Illinois and vaccination rates
In Illinois, new hospital admissions, daily cases and overall hospitalizations continue to decrease as the vaccination rate ticks upward. As of Friday, nearly 81% of Illinoisans 65 and older and 57.5% of residents over 16 had at least one dose, and 36.5% of residents had been fully vaccinated.
The state’s potential for avoiding another surge will depend on those numbers going up, and on vaccination rates going up around the world. Coronavirus continues to devastate India, increasing the risk that a variant could break through vaccine immunity.
“As long as the virus is able to circulate, it can mutate and we can end up with more deadly variants, which would send us in the wrong direction,” said Illinois Department of Public Health Director Dr. Ngozi Ezike at a news conference in Chicago this week.
“The quickest way for life to return to normal is for more people to get vaccinated,” Ezike added.
Vaccinators have started bringing shots to people rather than waiting for people to seek them out. The shift comes as supply outweighs demand.
As mass vaccination clinics wind down in southwestern Illinois, it will become easier for patients to get vaccinated at their doctor’s office, work, school, express medical clinic or local pharmacy without an appointment — akin to getting an annual flu shot. Health officials hope easier access will send the vaccination rate higher as they address hesitancy among others.
Though the St.

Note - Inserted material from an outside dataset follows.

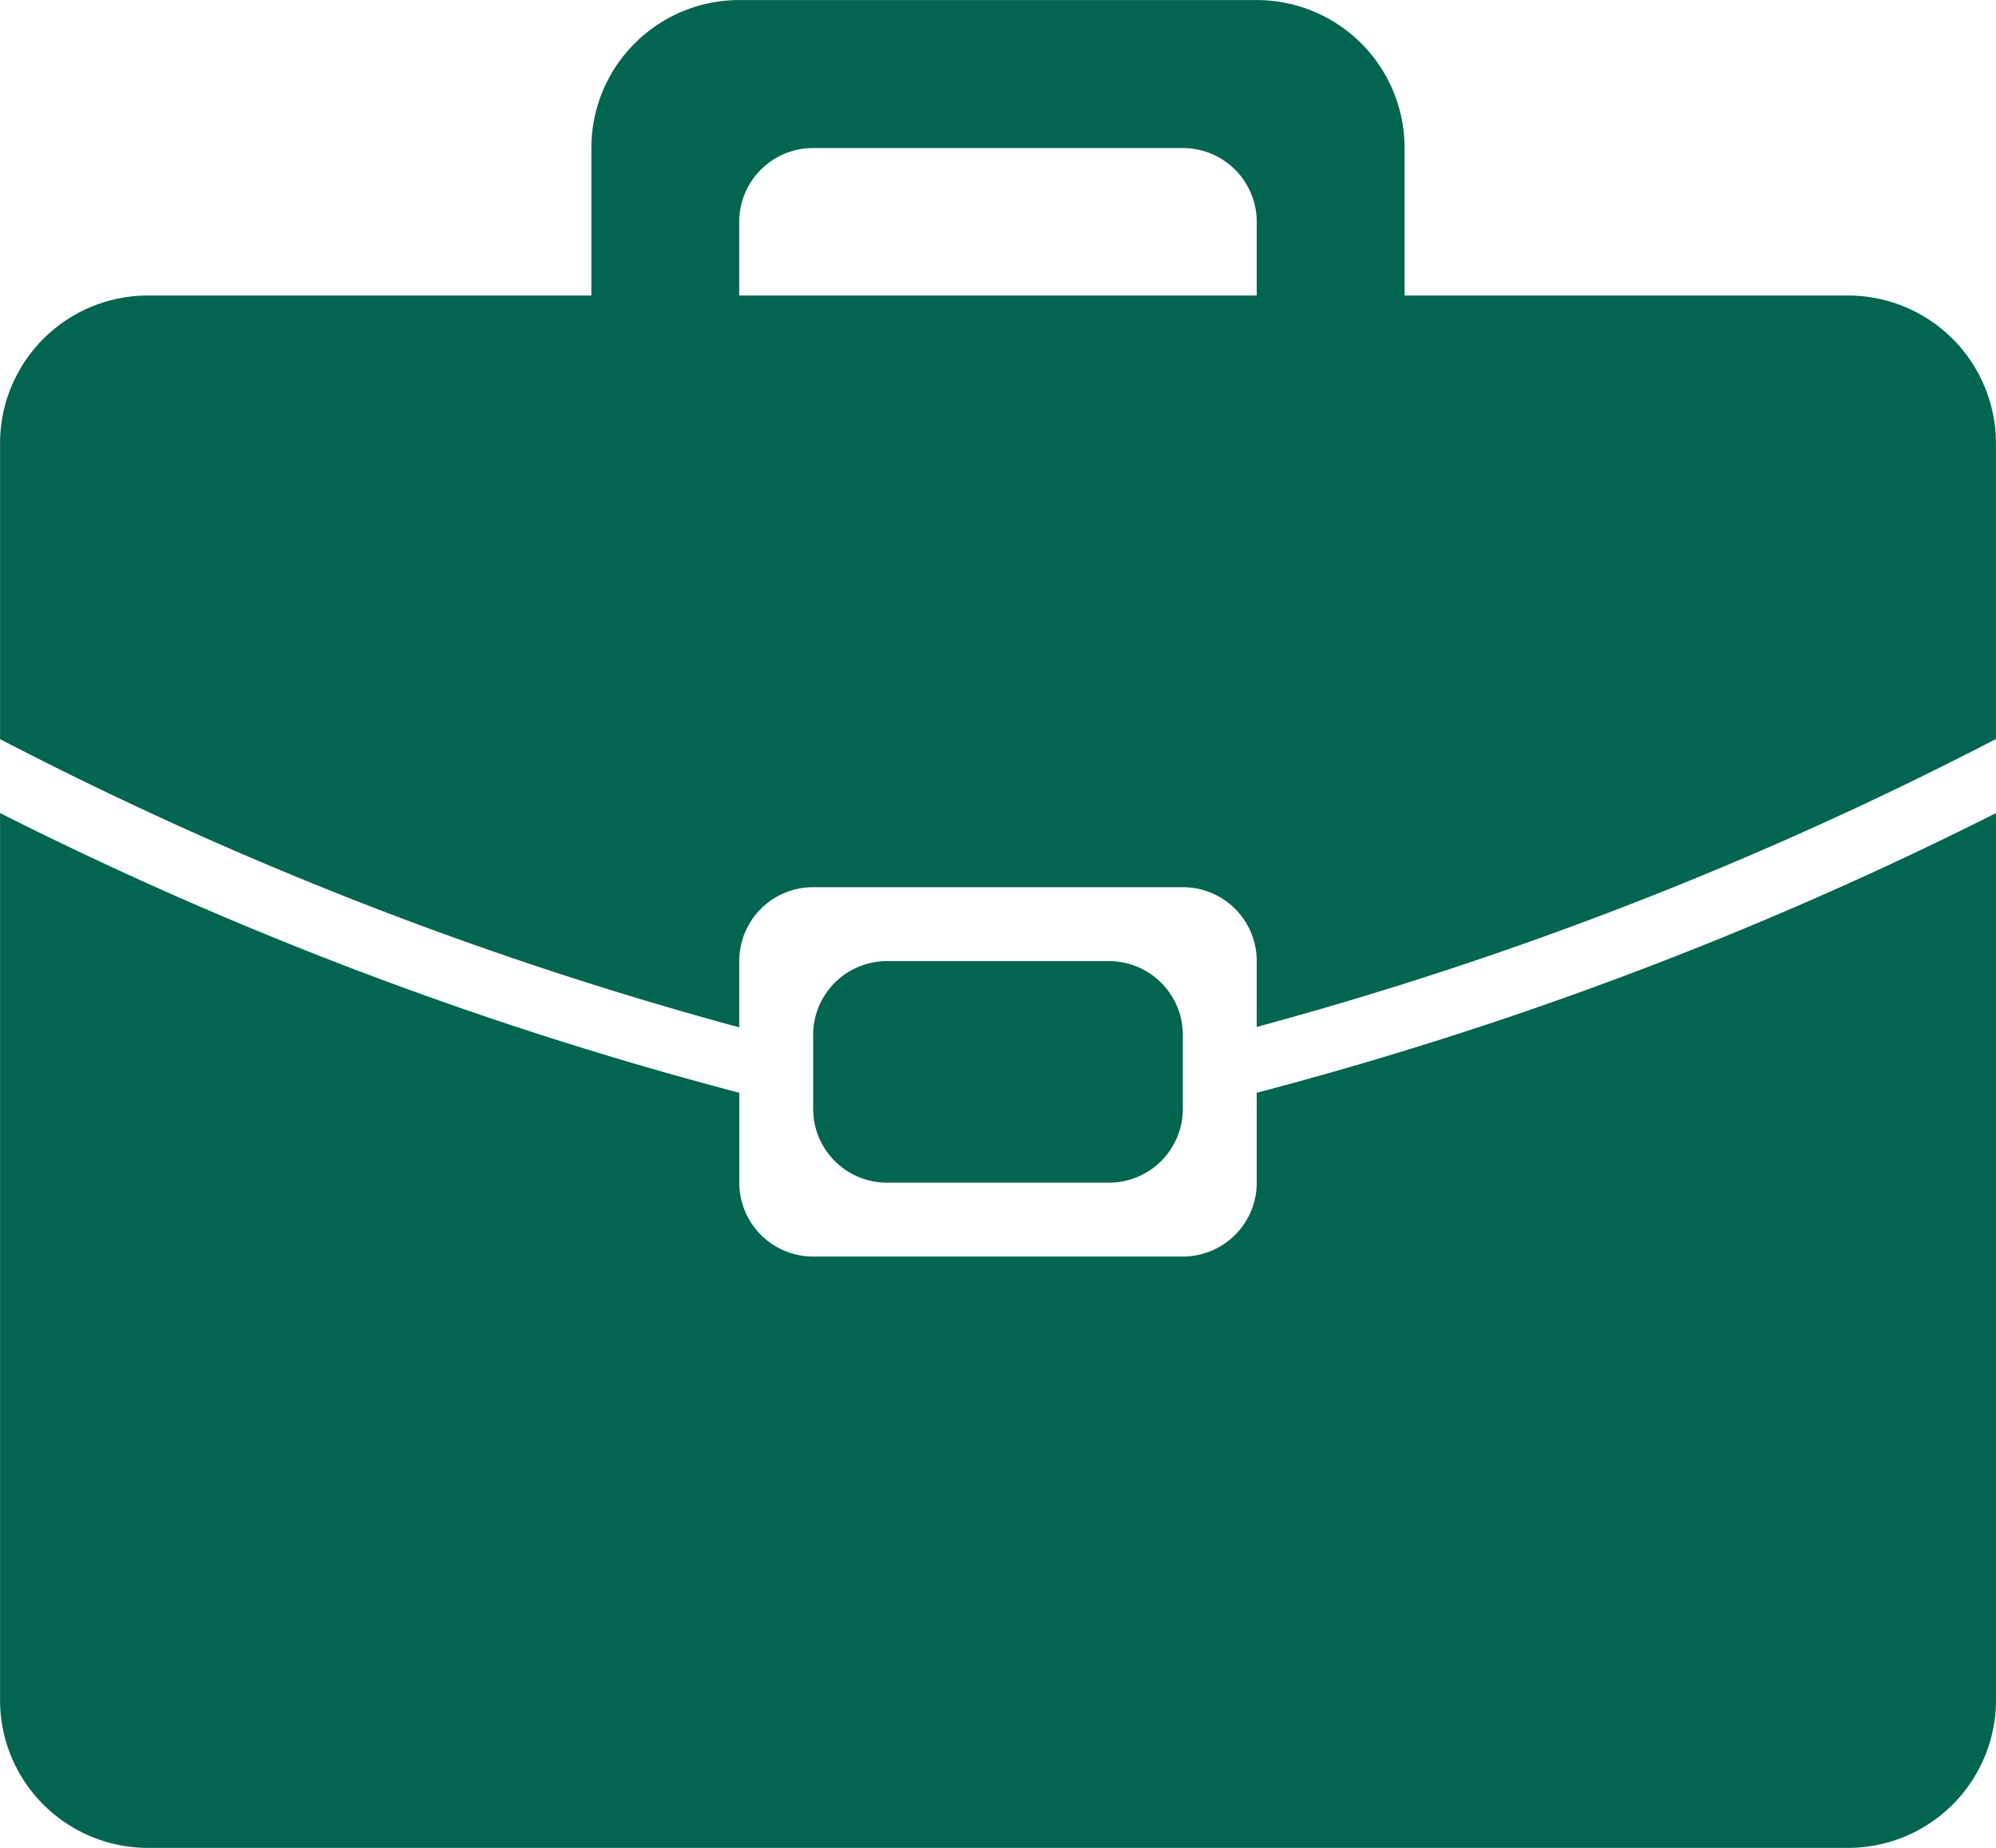 <svg id="circle" xmlns="http://www.w3.org/2000/svg" width="41.977" height="38.868" viewBox="0 0 41.977 38.868">
  <path id="Icon_metro-suitcase" data-name="Icon metro-suitcase" d="M43.367,44.652H7.608A3.11,3.11,0,0,1,4.5,41.543V22.886a79.168,79.168,0,0,0,15.547,5.883V30.66A1.553,1.553,0,0,0,21.6,32.214h7.774a1.554,1.554,0,0,0,1.555-1.555V28.769a79.214,79.214,0,0,0,15.547-5.883V41.543A3.111,3.111,0,0,1,43.367,44.652ZM27.82,26a1.554,1.554,0,0,1,1.555,1.555V29.1A1.554,1.554,0,0,1,27.82,30.66H23.155A1.553,1.553,0,0,1,21.6,29.1V27.55A1.553,1.553,0,0,1,23.155,26Zm3.109,0a1.554,1.554,0,0,0-1.555-1.555H21.6A1.553,1.553,0,0,0,20.046,26v1.393A77.876,77.876,0,0,1,4.5,21.331V15.112A3.11,3.11,0,0,1,7.608,12h9.328V8.894a3.111,3.111,0,0,1,3.109-3.109H30.929a3.111,3.111,0,0,1,3.109,3.109V12h9.328a3.111,3.111,0,0,1,3.109,3.109v6.219a77.921,77.921,0,0,1-15.547,6.057Zm0-15.547a1.554,1.554,0,0,0-1.555-1.555H21.6a1.553,1.553,0,0,0-1.555,1.555V12H30.929Z" transform="translate(-4.499 -5.784)" fill="#016550"/>
</svg>

Clair County mass vaccination site at Belle-Clair Fairgrounds will close May 30, the county is planning mobile clinics. The health department will set up clinics at area high schools and pop-up events in communities, said county emergency management agency assistant director Bryan Whitaker. The temporary clinics will operate in addition to a permanent site at the county health department at 330 W. Main in Belleville.
“We’re going to see this transition into these mobile, pop-up clinics where we see the need happen the most,” Whitaker said in a news conference Monday.
These next steps are universal across the country, Garza said. The demand for vaccinations may have slowed, but taking vaccines to the people is an expected part of such a massive public health undertaking.
“The final mile in the marathon is the toughest, and this is the toughest mile trying to get those pockets of people because it takes a lot of on-the-ground work and understanding the issues of what are preventing vaccinations,” Garza said. “So, now it becomes much more of a ground game.”
Kelsey Landis is a reporter with the Belleville News-Democrat, a news partner of St. Louis Public Radio.